Judith Wright's Poetry Essay

1591 words - 6 pages

Judith Wright's Poetry

In reference to Judith Wright's poetry as being of a unique and distinctive style, in particular
Wright is well known for her use of two subjects, that being the 'Australian aspect' where in her
work she commonly relates to the old traditional style of Australia's history and the harsh
landscape that is well known as an Australian trait. Three examples of this distinctive style of
writing is 'Remittance Man', 'South of my Days' and 'Legend'. The other of Wright's favoured
topics is the 'Womens view' or the feminist side of life, in which Wright creatively relays the
way a women perceives certain aspects of a subject compared to that of a man. there is also the
clear presence in all her feminist poems the indication of the womens traditional role in society
today and in particular the past. Three examples of this style is 'Women to Man', 'To Another
Housewife' and 'Eve to her Daughters'.
Whilst all of Wright's poetry has it's own way of giving the lasting impression of these two
aspects, in particular the poem Remittance Man stands out clearly in my mind as one of Wright's
most qualified examples of the Australian style.
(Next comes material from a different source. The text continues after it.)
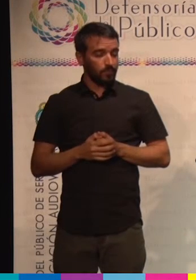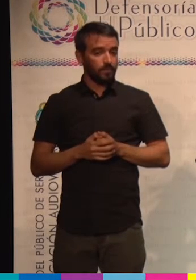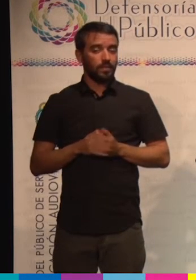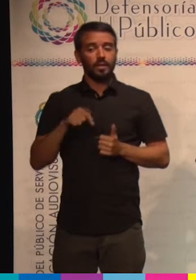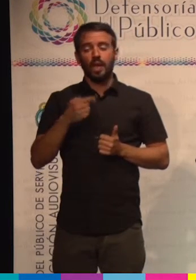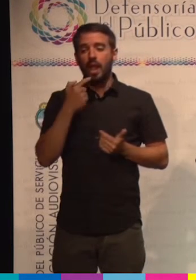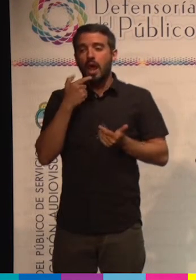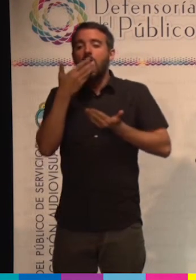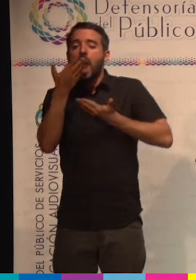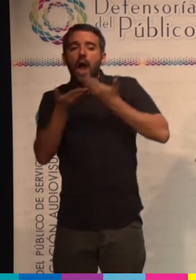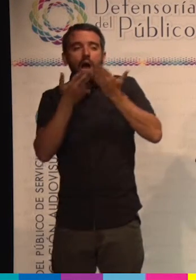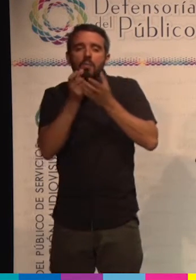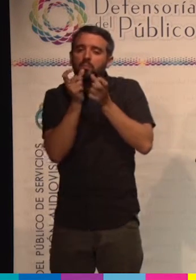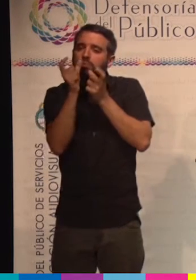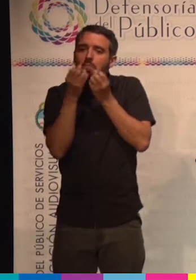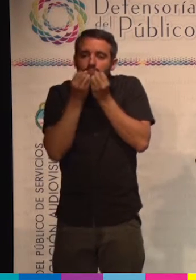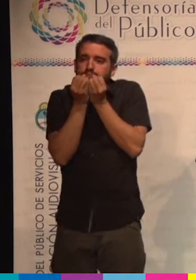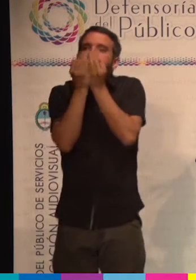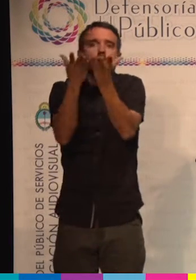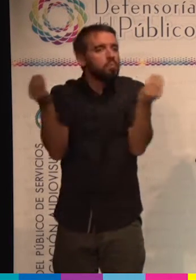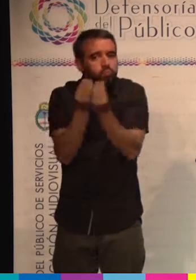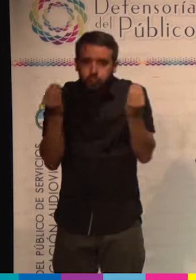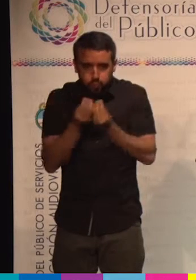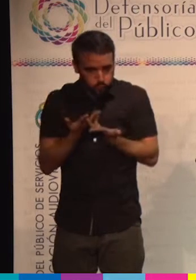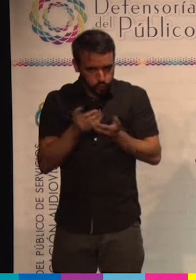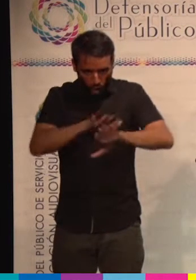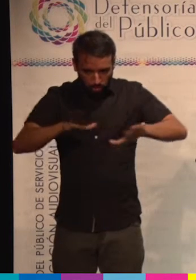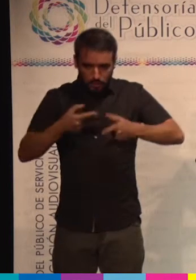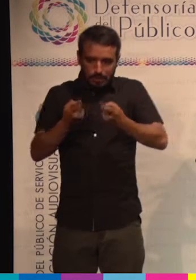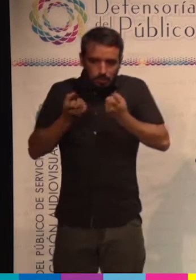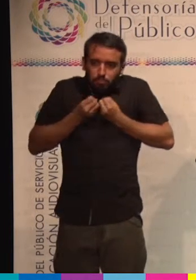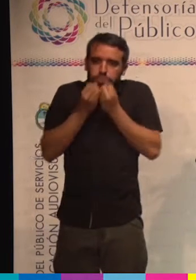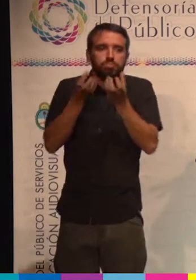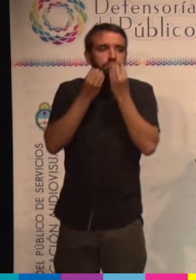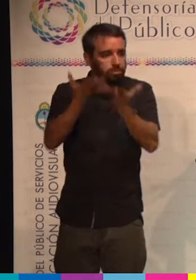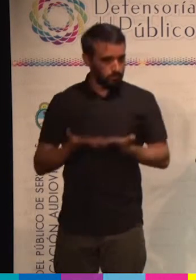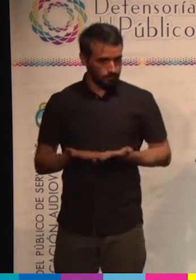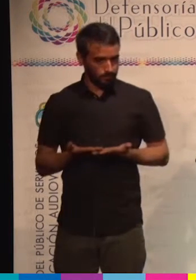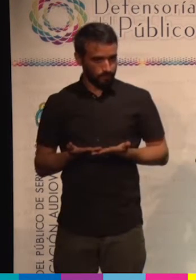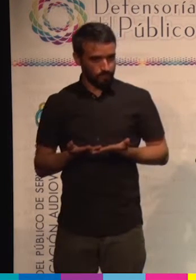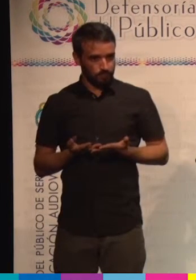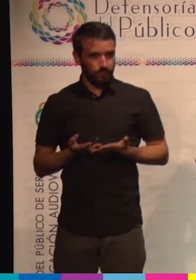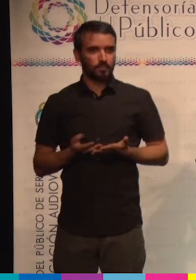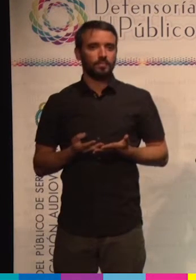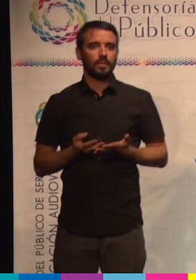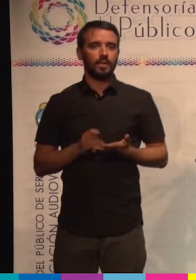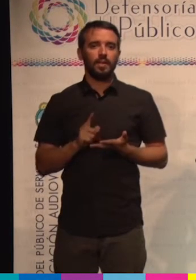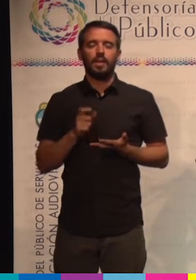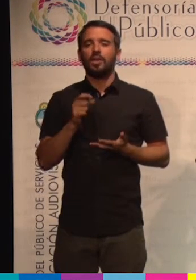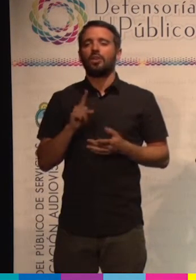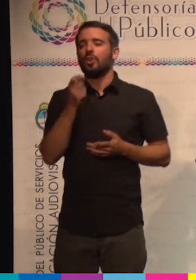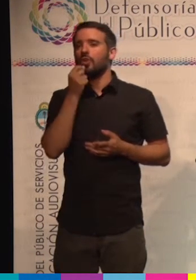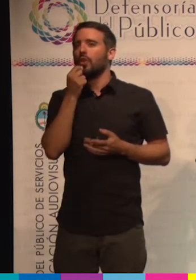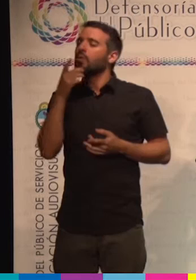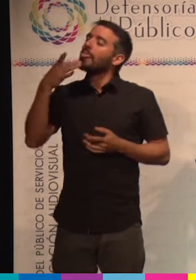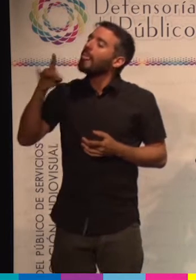brota a borbotones, digamos. Y brota bien en el sentido que los pibes saben que no espero a que ellos digan lo que esperamos que

Even in the opening lines of this poem there is
the subtle indication of that impression that Wright so strongly feels for Australia and the people,
'The spendthrift, disinherited and graceless' this English outcast i.e The Remittance Man, has no
real class or presence of a respectable character, yet these three dishonorable words refer directly
to that almost traditional idea of what the Australian man was in the past. Once it is established
that this Remittance Man is not wanted in England however happily retreats to the shores of
Australia and finds self contentment with this almost opposite lifesyle where he feels no
jugdement is put on him, no more restrictions or unacceptable behaivour that he so frequently
disgraced his family with.
The main ideas of this poem is the constant comparison between the cold, formal aspect of
England to the harsh, laid back way of Australia, which is still a commonly perceived way that is
seen today. In the first stanza the line 'backtracks in the summer haze' gives the instant idea of
the Australian landscape that shows Wright's direct idea of what she distinguishes this as. This is
just the first in a numerous amount of lines that account for the typical view of Australia. There is
also a strong sense that Australia is the favoured compared to that of England, not just by the
Remittance Man but in Particular through the writing Wright's opinion seems clear, which is also
justified in her other Australian poems. Though England seems to have no real qualities in this
poem there is also subtle criticism to the refined English culture that Australians ironically are
renound to be the complete opposite in manner and in the social ettiquette that exists strongly in
England.
However once the English aspect is left behind The Remittance...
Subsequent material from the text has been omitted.